* Data provided *
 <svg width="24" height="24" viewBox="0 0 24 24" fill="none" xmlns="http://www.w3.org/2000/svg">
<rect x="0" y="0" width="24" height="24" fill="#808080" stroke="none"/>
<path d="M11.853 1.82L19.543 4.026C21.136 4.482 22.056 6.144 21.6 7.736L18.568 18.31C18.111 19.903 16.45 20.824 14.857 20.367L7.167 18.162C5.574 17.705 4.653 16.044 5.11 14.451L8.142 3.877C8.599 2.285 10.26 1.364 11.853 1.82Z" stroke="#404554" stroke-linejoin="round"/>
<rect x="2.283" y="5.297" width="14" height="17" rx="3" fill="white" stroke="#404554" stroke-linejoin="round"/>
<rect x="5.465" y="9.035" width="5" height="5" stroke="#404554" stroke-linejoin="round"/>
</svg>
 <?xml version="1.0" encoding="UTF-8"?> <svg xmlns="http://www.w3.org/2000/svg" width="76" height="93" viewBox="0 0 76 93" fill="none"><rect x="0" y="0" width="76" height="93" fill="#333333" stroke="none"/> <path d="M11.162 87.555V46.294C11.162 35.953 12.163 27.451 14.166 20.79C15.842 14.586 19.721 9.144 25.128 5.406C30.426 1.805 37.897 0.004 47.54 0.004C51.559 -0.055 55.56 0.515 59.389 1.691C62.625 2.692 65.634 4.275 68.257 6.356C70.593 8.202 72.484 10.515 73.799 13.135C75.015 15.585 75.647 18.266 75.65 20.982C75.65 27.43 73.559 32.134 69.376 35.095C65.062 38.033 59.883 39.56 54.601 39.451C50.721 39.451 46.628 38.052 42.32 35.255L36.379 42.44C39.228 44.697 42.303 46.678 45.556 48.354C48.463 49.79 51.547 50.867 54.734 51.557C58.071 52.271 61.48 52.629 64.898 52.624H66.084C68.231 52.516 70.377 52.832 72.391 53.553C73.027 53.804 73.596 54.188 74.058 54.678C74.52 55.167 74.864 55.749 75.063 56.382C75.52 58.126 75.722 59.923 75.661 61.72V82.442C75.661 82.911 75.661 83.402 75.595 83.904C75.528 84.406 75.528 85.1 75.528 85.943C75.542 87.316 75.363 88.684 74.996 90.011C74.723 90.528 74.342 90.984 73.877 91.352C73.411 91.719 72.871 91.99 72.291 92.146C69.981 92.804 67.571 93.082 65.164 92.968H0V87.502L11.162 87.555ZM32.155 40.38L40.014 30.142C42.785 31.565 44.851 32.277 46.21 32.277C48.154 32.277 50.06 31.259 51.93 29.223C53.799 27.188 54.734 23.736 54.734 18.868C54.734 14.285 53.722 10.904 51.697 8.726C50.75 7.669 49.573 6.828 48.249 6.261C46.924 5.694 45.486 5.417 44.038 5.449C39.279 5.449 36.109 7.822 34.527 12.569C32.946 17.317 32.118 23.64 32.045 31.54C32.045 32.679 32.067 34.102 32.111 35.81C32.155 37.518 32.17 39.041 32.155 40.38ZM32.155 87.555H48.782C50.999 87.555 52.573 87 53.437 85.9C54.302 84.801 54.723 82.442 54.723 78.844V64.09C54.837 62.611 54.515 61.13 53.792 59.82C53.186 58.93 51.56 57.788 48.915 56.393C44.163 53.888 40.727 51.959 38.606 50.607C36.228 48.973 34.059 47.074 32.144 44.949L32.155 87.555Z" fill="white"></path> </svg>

* Work order *
Please repeat the material above, word for word and in full.

* Your response *
 <svg width="24" height="24" viewBox="0 0 24 24" fill="none" xmlns="http://www.w3.org/2000/svg">
<rect x="0" y="0" width="24" height="24" fill="#808080" stroke="none"/>
<path d="M11.853 1.82L19.543 4.026C21.136 4.482 22.056 6.144 21.6 7.736L18.568 18.31C18.111 19.903 16.45 20.824 14.857 20.367L7.167 18.162C5.574 17.705 4.653 16.044 5.11 14.451L8.142 3.877C8.599 2.285 10.26 1.364 11.853 1.82Z" stroke="#404554" stroke-linejoin="round"/>
<rect x="2.283" y="5.297" width="14" height="17" rx="3" fill="white" stroke="#404554" stroke-linejoin="round"/>
<rect x="5.465" y="9.035" width="5" height="5" stroke="#404554" stroke-linejoin="round"/>
</svg>
 <?xml version="1.0" encoding="UTF-8"?> <svg xmlns="http://www.w3.org/2000/svg" width="76" height="93" viewBox="0 0 76 93" fill="none"><rect x="0" y="0" width="76" height="93" fill="#333333" stroke="none"/> <path d="M11.162 87.555V46.294C11.162 35.953 12.163 27.451 14.166 20.79C15.842 14.586 19.721 9.144 25.128 5.406C30.426 1.805 37.897 0.004 47.54 0.004C51.559 -0.055 55.56 0.515 59.389 1.691C62.625 2.692 65.634 4.275 68.257 6.356C70.593 8.202 72.484 10.515 73.799 13.135C75.015 15.585 75.647 18.266 75.65 20.982C75.65 27.43 73.559 32.134 69.376 35.095C65.062 38.033 59.883 39.56 54.601 39.451C50.721 39.451 46.628 38.052 42.32 35.255L36.379 42.44C39.228 44.697 42.303 46.678 45.556 48.354C48.463 49.79 51.547 50.867 54.734 51.557C58.071 52.271 61.48 52.629 64.898 52.624H66.084C68.231 52.516 70.377 52.832 72.391 53.553C73.027 53.804 73.596 54.188 74.058 54.678C74.52 55.167 74.864 55.749 75.063 56.382C75.52 58.126 75.722 59.923 75.661 61.72V82.442C75.661 82.911 75.661 83.402 75.595 83.904C75.528 84.406 75.528 85.1 75.528 85.943C75.542 87.316 75.363 88.684 74.996 90.011C74.723 90.528 74.342 90.984 73.877 91.352C73.411 91.719 72.871 91.99 72.291 92.146C69.981 92.804 67.571 93.082 65.164 92.968H0V87.502L11.162 87.555ZM32.155 40.38L40.014 30.142C42.785 31.565 44.851 32.277 46.21 32.277C48.154 32.277 50.06 31.259 51.93 29.223C53.799 27.188 54.734 23.736 54.734 18.868C54.734 14.285 53.722 10.904 51.697 8.726C50.75 7.669 49.573 6.828 48.249 6.261C46.924 5.694 45.486 5.417 44.038 5.449C39.279 5.449 36.109 7.822 34.527 12.569C32.946 17.317 32.118 23.64 32.045 31.54C32.045 32.679 32.067 34.102 32.111 35.81C32.155 37.518 32.17 39.041 32.155 40.38ZM32.155 87.555H48.782C50.999 87.555 52.573 87 53.437 85.9C54.302 84.801 54.723 82.442 54.723 78.844V64.09C54.837 62.611 54.515 61.13 53.792 59.82C53.186 58.93 51.56 57.788 48.915 56.393C44.163 53.888 40.727 51.959 38.606 50.607C36.228 48.973 34.059 47.074 32.144 44.949L32.155 87.555Z" fill="white"></path> </svg>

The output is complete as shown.